_Exercise directions:_ Your answer should consist only of the lines below from the one with "#27056 = CIRCLE" through the one with "#36233 = CARTESIAN_POINT", copied exactly.

Data supplied Block Start

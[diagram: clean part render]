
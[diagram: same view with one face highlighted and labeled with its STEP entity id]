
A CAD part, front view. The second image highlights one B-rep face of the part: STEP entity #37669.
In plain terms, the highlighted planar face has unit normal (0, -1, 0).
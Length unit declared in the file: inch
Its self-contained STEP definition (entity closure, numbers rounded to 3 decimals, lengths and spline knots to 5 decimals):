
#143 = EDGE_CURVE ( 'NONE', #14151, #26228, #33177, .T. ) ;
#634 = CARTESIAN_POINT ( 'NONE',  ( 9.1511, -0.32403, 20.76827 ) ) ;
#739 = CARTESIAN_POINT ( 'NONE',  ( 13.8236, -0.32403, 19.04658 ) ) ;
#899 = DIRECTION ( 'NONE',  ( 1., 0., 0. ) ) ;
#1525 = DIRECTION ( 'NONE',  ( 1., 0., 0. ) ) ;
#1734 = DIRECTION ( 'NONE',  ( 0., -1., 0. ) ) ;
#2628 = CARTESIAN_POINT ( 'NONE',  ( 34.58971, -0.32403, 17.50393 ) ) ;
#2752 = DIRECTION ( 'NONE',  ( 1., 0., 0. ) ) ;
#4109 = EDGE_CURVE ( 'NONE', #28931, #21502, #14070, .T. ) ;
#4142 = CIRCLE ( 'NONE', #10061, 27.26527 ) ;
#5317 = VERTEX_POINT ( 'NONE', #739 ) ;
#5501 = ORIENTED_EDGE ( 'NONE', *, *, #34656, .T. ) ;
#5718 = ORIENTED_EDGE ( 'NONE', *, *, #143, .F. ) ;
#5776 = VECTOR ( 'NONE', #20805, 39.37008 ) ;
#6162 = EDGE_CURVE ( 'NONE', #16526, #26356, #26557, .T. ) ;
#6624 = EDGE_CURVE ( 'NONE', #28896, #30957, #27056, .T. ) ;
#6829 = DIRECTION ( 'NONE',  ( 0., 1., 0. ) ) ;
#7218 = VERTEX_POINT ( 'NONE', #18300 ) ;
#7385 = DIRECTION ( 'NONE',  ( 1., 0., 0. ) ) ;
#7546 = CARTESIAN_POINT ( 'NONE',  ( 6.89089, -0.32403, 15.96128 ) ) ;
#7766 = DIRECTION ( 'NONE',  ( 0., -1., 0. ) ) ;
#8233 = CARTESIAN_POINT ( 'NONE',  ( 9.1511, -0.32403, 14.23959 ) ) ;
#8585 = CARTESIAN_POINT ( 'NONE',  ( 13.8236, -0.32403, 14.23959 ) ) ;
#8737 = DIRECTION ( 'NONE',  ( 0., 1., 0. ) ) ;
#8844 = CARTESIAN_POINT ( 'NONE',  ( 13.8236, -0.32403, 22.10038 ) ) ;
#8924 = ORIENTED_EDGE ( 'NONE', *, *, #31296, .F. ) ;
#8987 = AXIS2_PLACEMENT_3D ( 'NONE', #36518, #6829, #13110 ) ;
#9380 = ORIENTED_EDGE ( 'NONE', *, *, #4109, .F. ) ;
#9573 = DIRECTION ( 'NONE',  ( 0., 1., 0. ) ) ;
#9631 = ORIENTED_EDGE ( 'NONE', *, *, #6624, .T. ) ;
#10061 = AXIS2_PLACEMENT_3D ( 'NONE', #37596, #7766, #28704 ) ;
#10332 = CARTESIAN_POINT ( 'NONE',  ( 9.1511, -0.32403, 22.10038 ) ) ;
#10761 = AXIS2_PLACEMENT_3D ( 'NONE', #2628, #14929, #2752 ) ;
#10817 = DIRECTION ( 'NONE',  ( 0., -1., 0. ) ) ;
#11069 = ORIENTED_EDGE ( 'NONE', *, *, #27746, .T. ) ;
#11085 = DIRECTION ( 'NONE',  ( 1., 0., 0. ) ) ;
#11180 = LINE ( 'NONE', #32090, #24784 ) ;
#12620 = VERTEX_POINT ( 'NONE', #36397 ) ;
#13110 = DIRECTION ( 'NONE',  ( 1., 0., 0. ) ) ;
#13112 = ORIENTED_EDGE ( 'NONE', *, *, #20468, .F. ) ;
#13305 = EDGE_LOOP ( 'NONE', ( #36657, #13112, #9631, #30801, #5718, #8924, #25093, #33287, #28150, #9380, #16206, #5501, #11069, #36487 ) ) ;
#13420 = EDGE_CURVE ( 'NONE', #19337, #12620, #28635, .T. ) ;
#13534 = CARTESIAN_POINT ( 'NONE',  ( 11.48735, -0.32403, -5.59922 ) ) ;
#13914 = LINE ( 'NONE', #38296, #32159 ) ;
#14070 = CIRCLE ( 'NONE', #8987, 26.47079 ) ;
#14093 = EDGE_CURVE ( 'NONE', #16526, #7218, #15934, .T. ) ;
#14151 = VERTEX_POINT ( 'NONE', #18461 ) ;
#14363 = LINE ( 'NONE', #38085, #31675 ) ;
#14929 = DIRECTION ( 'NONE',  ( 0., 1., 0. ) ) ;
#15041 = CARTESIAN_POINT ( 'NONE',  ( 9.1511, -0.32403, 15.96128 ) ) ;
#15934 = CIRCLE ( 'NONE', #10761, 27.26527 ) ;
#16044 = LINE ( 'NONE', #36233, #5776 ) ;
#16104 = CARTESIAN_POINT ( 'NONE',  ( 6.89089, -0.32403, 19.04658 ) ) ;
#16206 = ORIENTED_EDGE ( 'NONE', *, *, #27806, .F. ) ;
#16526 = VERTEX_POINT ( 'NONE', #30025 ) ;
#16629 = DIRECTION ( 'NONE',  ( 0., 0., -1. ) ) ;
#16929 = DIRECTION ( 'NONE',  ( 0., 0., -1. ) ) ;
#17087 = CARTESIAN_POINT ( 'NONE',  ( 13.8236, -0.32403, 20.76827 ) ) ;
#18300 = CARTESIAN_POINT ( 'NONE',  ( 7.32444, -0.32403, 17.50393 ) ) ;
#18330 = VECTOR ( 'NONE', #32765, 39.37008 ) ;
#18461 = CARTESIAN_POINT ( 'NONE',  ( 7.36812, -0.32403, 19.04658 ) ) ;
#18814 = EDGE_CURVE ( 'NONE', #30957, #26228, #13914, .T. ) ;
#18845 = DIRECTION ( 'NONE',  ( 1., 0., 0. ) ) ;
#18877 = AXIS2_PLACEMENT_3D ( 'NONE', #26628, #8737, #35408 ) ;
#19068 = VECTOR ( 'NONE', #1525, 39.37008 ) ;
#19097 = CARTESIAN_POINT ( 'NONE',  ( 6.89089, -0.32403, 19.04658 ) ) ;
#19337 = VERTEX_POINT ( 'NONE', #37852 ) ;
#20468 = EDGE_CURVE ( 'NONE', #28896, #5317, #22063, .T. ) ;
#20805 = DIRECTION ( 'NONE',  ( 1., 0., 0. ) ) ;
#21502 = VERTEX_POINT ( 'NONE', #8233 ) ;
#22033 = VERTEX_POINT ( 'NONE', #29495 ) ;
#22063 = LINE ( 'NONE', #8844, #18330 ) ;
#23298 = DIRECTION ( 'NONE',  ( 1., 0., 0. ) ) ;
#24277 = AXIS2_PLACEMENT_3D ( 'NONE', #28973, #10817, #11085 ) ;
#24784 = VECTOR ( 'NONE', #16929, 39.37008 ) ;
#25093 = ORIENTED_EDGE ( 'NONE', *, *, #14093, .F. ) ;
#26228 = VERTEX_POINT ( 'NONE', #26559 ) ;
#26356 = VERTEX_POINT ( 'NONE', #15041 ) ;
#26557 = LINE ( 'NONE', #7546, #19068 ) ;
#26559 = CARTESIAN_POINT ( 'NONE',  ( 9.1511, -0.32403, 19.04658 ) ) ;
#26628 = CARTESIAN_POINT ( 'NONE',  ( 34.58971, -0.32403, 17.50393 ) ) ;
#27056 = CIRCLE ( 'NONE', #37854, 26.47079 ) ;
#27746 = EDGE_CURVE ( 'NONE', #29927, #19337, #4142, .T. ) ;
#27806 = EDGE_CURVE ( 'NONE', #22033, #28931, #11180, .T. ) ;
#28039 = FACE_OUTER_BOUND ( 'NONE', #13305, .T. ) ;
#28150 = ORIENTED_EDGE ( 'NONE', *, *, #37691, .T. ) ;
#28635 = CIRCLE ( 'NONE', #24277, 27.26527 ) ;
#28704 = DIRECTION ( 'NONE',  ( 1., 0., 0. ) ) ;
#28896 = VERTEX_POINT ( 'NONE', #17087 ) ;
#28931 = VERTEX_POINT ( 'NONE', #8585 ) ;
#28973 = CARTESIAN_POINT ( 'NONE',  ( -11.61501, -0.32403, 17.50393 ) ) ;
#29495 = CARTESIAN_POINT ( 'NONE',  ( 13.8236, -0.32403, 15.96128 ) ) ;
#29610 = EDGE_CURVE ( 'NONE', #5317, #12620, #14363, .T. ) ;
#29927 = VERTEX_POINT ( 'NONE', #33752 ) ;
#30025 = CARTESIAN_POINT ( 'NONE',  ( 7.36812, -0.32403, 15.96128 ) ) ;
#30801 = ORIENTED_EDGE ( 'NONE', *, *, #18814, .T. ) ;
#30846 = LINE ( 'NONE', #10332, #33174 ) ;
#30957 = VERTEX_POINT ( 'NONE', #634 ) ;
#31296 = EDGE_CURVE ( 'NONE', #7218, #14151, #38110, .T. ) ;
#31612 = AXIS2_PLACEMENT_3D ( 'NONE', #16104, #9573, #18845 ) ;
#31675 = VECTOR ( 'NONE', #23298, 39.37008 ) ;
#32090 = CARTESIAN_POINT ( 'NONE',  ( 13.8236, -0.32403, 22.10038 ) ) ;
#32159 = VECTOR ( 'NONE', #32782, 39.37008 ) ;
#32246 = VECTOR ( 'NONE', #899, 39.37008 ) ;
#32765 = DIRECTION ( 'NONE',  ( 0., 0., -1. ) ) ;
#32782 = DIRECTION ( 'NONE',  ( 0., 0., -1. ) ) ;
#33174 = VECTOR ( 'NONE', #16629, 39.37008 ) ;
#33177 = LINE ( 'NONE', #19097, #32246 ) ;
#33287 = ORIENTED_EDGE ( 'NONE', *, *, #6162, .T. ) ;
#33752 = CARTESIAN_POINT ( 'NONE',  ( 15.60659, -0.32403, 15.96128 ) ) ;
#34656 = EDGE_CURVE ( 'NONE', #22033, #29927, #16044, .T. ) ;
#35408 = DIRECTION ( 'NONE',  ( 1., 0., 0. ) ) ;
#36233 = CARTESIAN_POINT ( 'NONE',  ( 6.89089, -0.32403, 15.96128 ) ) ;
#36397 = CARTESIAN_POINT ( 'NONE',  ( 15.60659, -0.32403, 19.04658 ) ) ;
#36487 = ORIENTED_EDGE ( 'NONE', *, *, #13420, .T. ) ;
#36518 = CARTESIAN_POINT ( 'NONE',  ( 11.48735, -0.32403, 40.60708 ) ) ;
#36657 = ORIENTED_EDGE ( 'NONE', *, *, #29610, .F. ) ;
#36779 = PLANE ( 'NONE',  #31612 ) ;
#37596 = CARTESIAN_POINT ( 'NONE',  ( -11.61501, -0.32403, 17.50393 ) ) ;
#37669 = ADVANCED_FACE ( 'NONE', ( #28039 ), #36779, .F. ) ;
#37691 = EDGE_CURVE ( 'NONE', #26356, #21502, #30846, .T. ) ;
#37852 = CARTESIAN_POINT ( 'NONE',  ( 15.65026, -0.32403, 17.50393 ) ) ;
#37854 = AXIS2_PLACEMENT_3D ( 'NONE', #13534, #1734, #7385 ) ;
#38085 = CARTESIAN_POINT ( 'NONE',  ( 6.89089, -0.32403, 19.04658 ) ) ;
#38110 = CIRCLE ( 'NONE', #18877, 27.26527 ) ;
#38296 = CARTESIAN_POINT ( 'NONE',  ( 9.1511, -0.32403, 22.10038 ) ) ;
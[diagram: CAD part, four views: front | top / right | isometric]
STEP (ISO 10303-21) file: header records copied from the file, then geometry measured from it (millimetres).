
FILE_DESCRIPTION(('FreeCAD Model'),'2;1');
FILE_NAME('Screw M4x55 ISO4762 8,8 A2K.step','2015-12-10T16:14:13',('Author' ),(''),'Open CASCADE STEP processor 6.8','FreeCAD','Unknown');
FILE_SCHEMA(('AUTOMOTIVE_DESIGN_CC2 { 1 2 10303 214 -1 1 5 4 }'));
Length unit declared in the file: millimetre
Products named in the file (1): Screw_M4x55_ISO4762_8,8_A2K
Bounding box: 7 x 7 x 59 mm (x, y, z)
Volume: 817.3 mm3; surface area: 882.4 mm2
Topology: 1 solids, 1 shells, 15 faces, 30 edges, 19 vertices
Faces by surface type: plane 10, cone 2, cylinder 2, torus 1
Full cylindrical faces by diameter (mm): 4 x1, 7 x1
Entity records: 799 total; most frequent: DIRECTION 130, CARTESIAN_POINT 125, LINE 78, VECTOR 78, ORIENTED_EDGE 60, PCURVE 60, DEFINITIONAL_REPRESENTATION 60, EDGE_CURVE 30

Data supplied Block End

_Expected output:_
#27056 = CIRCLE ( 'NONE', #37854, 26.47079 ) ;
#27746 = EDGE_CURVE ( 'NONE', #29927, #19337, #4142, .T. ) ;
#27806 = EDGE_CURVE ( 'NONE', #22033, #28931, #11180, .T. ) ;
#28039 = FACE_OUTER_BOUND ( 'NONE', #13305, .T. ) ;
#28150 = ORIENTED_EDGE ( 'NONE', *, *, #37691, .T. ) ;
#28635 = CIRCLE ( 'NONE', #24277, 27.26527 ) ;
#28704 = DIRECTION ( 'NONE',  ( 1., 0., 0. ) ) ;
#28896 = VERTEX_POINT ( 'NONE', #17087 ) ;
#28931 = VERTEX_POINT ( 'NONE', #8585 ) ;
#28973 = CARTESIAN_POINT ( 'NONE',  ( -11.61501, -0.32403, 17.50393 ) ) ;
#29495 = CARTESIAN_POINT ( 'NONE',  ( 13.8236, -0.32403, 15.96128 ) ) ;
#29610 = EDGE_CURVE ( 'NONE', #5317, #12620, #14363, .T. ) ;
#29927 = VERTEX_POINT ( 'NONE', #33752 ) ;
#30025 = CARTESIAN_POINT ( 'NONE',  ( 7.36812, -0.32403, 15.96128 ) ) ;
#30801 = ORIENTED_EDGE ( 'NONE', *, *, #18814, .T. ) ;
#30846 = LINE ( 'NONE', #10332, #33174 ) ;
#30957 = VERTEX_POINT ( 'NONE', #634 ) ;
#31296 = EDGE_CURVE ( 'NONE', #7218, #14151, #38110, .T. ) ;
#31612 = AXIS2_PLACEMENT_3D ( 'NONE', #16104, #9573, #18845 ) ;
#31675 = VECTOR ( 'NONE', #23298, 39.37008 ) ;
#32090 = CARTESIAN_POINT ( 'NONE',  ( 13.8236, -0.32403, 22.10038 ) ) ;
#32159 = VECTOR ( 'NONE', #32782, 39.37008 ) ;
#32246 = VECTOR ( 'NONE', #899, 39.37008 ) ;
#32765 = DIRECTION ( 'NONE',  ( 0., 0., -1. ) ) ;
#32782 = DIRECTION ( 'NONE',  ( 0., 0., -1. ) ) ;
#33174 = VECTOR ( 'NONE', #16629, 39.37008 ) ;
#33177 = LINE ( 'NONE', #19097, #32246 ) ;
#33287 = ORIENTED_EDGE ( 'NONE', *, *, #6162, .T. ) ;
#33752 = CARTESIAN_POINT ( 'NONE',  ( 15.60659, -0.32403, 15.96128 ) ) ;
#34656 = EDGE_CURVE ( 'NONE', #22033, #29927, #16044, .T. ) ;
#35408 = DIRECTION ( 'NONE',  ( 1., 0., 0. ) ) ;
#36233 = CARTESIAN_POINT ( 'NONE',  ( 6.89089, -0.32403, 15.96128 ) ) ;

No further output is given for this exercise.